- 2009 promotional poster for the US DVD release by Dark Maze Studios.
- Directed by: Çetin Inanç
- Written by: Cagdas Agirdas Çetin Inanç (scenario)
- Produced by: Mehmet Karahafız Ed Glaser (English version)
- Starring: Serdar Kebapçılar Filiz Taçbaş Hüseyin Peyda
- Cinematography: Dinçer Önal
- Edited by: Necdet Tok
- Music by: Jake Kaufman (English version)
- Distributed by: Anıt Ticaret
- Release date: 6 July 1986 (Turkey);
- Running time: 74 minutes
- Country: Turkey
- Language: Turkish

= Rampage (1986 film) =

Rampage (Korkusuz) is a 1986 Turkish cult action film, written and directed by Çetin Inanç, featuring bodybuilder Serdar Kebapçılar as a Turkish commando who must infiltrate and capture a group of terrorists living in the mountains. The film is the second of two films, along with Wild Blood (Turkish: Vahşi Kan; 1983) also written and directed by Çetin İnanç, commonly known as Turkish Rambo because of plot and stylistic similarities copied from George P. Cosmatos’s Rambo: First Blood Part II (1985). It is also available in an English dubbed U.S. theatrical release produced by Ed Glaser.

==Plot==
Serdar, a highly trained Turkish commando, is dispatched on a covert mission to infiltrate a terrorist organization operating out of a remote mountain stronghold. The group has stolen a sensitive military disk containing top-secret intelligence, posing a significant threat to national security. During the operation, Serdar’s unit is ambushed and killed, leaving him to be captured and subjected to brutal torture by the insurgents. Upon escaping, he launches a retaliatory one-man assault against the camp.
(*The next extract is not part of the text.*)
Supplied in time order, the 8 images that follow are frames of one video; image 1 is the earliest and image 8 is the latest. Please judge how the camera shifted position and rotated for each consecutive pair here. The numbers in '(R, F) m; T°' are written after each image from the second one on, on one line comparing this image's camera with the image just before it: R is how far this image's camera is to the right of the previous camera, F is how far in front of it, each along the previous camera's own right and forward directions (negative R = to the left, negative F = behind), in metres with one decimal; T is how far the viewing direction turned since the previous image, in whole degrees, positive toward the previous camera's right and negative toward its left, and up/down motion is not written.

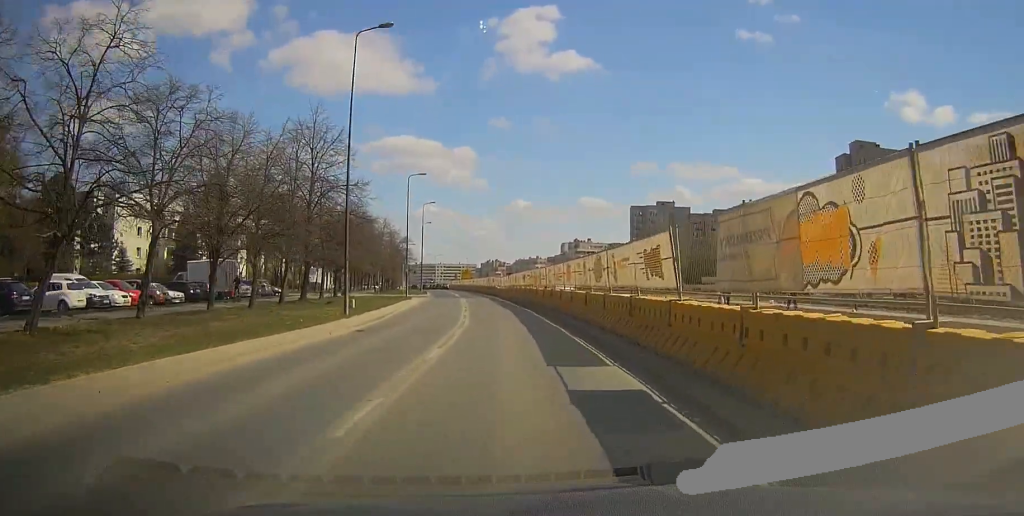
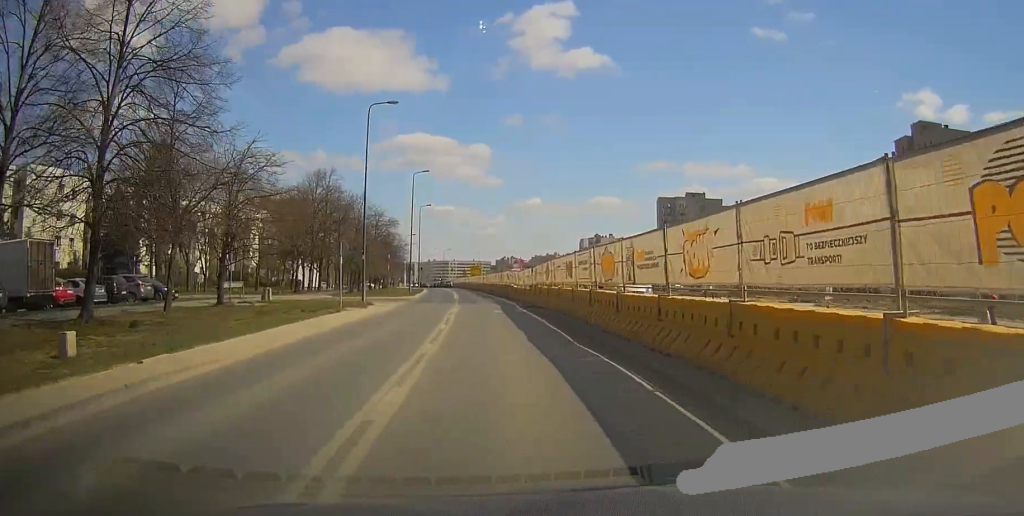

Armed with a rocket launcher and explosive-tipped arrows, Serdar dismantles the terrorist infrastructure and eliminates the enemy forces to successfully retrieve the stolen disk.

== Cast ==

===Original Turkish cast===
- Serdar Kebapçılar as Serdar
- Osman Betin as Osman
- Yılmaz Kurt as Terrorist #3
- Tuğrul Meteer as Captain Ömer
- Hüseyin Peyda as Ziya
- Filiz Taçbaş as Girl
- Sümer Tilmaç as Sait / Major Fuat
- Mehmet Uğur as Terrorist #2
- Sami Hazinses as Kid's Father
- Mehmet Samsa as Terrorist #1

===English dub voice cast===
- Andy Dallas as Sait
- Peter A. Davis as Ziya & Terrorist #3
- Steve Glaser as Sergeant & Kid's Father
- Eric W. Sizemore as Serdar, Osman & Captain Omer
- Jennifer Zahn as Girl
- Meagan Benz as Meagan Rachelle
- Alex Mitchell
- Al Morrison

== DVD release ==
The film was released on DVD on April 24, 2009, by Dark Maze Studios; But it was discontinued on June 12, 2013.